DATA UNDER STUDY:
---+---
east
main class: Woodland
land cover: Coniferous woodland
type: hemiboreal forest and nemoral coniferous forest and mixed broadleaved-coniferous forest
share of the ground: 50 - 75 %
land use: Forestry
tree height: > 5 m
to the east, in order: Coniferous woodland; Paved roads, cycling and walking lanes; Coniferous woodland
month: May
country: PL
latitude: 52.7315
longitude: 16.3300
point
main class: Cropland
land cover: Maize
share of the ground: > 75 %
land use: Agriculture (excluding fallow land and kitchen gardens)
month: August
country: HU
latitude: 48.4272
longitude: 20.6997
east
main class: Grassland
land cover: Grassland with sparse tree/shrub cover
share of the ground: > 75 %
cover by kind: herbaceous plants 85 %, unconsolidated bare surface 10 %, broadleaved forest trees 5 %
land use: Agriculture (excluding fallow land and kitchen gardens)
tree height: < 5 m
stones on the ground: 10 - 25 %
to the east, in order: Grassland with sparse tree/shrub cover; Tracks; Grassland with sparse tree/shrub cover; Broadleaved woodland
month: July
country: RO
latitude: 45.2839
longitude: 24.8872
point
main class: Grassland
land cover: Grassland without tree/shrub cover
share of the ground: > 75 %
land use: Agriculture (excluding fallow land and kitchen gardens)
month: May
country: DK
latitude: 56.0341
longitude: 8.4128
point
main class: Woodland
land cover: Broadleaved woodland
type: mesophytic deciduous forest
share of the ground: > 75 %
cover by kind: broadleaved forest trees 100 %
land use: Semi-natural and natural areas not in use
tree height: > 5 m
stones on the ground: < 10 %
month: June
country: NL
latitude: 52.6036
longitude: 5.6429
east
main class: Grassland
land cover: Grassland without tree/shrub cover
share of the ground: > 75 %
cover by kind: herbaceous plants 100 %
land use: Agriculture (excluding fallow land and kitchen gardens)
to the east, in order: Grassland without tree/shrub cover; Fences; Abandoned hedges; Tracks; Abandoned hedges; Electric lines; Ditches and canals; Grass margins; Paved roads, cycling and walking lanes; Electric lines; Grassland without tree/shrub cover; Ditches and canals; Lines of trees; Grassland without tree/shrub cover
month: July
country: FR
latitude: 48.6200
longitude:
---+---
HOW TO COMPLETE THIS TASK: If a line of the records includes the string "latitude", copy it out.

YOUR SOLUTION:
latitude: 52.7315
latitude: 48.4272
latitude: 45.2839
latitude: 56.0341
latitude: 52.6036
latitude: 48.6200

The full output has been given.